BEGIN INFORMATION SUPPLIED

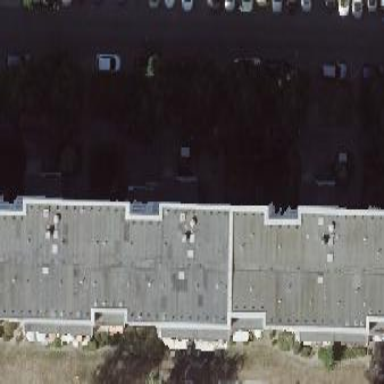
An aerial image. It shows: Building with apartments and flat roof.
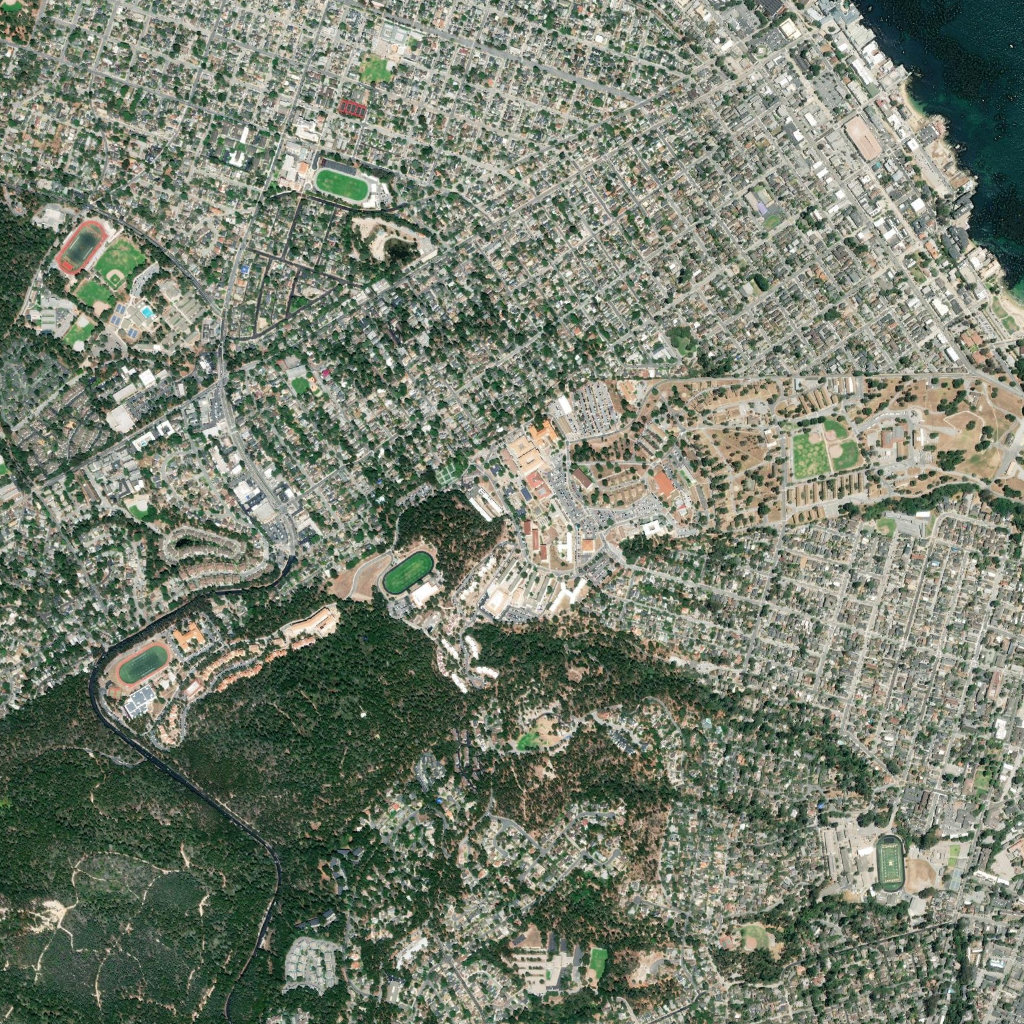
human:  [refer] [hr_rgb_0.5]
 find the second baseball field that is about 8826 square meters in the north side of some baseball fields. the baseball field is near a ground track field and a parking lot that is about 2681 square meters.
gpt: <box>[[6, 26, 11, 30, 0]]</box>

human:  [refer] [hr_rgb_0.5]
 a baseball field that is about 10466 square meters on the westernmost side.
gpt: <box>[[5, 29, 10, 35, 0]]</box>
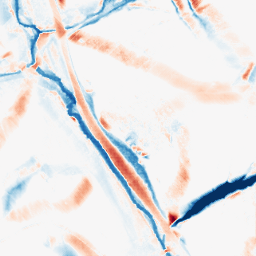
Category: morphological
Decomposition family: morphological_diamond
Decomposition parameters: operation: average
radius: 15
Upsampling method: sinc_blackman
Upsampling parameters: scale: 8
kernel_size: 16
Upsampling scale: 8
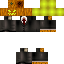
A male human skin with medium skin, wearing brown long hair dressed in a red suit and brown pants, featuring a closed mouth.
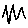
Label: zigzag
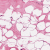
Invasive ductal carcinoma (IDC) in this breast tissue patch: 0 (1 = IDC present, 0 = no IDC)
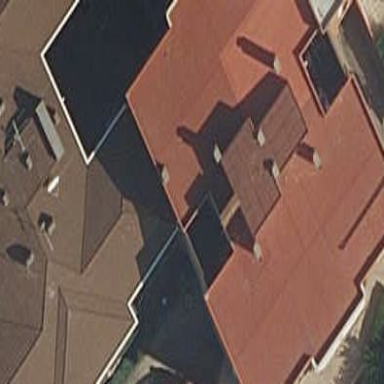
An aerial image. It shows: Residential building.
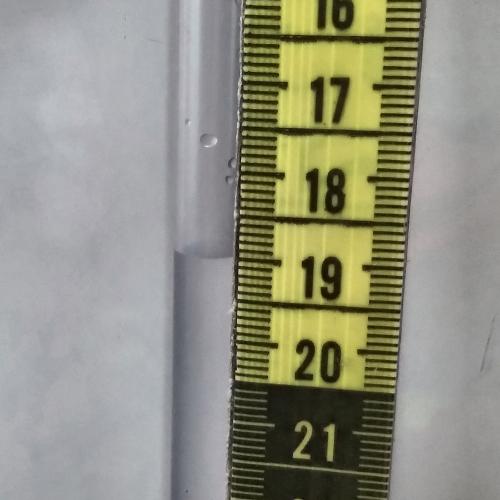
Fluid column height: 19.0 cm
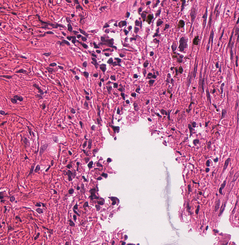
Tumor epithelial tissue: no
Tumor-associated stroma tissue: yes
Normal tissue: no
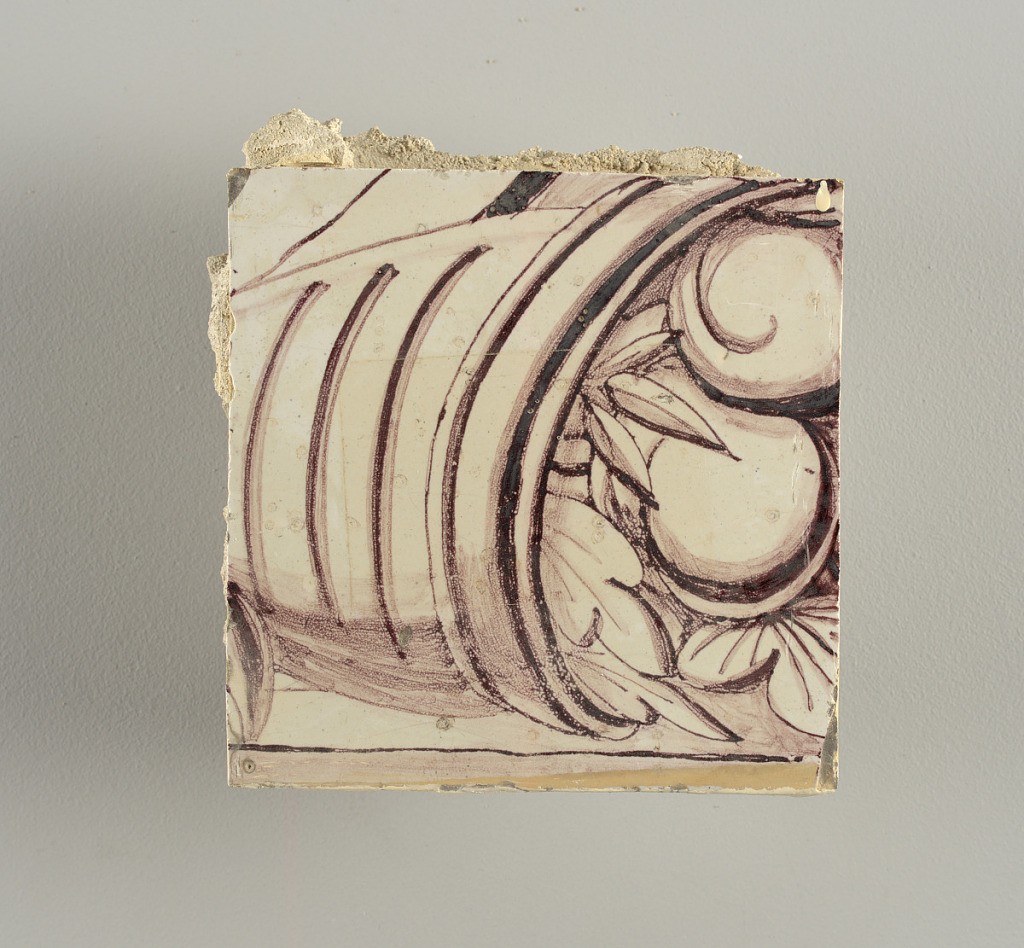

END INFORMATION SUPPLIED

DESCRIPTION OF THE TASK
The answer must be one number: how many lines in the records above contain "baseball".

RESULT FOR THIS EXERCISE
2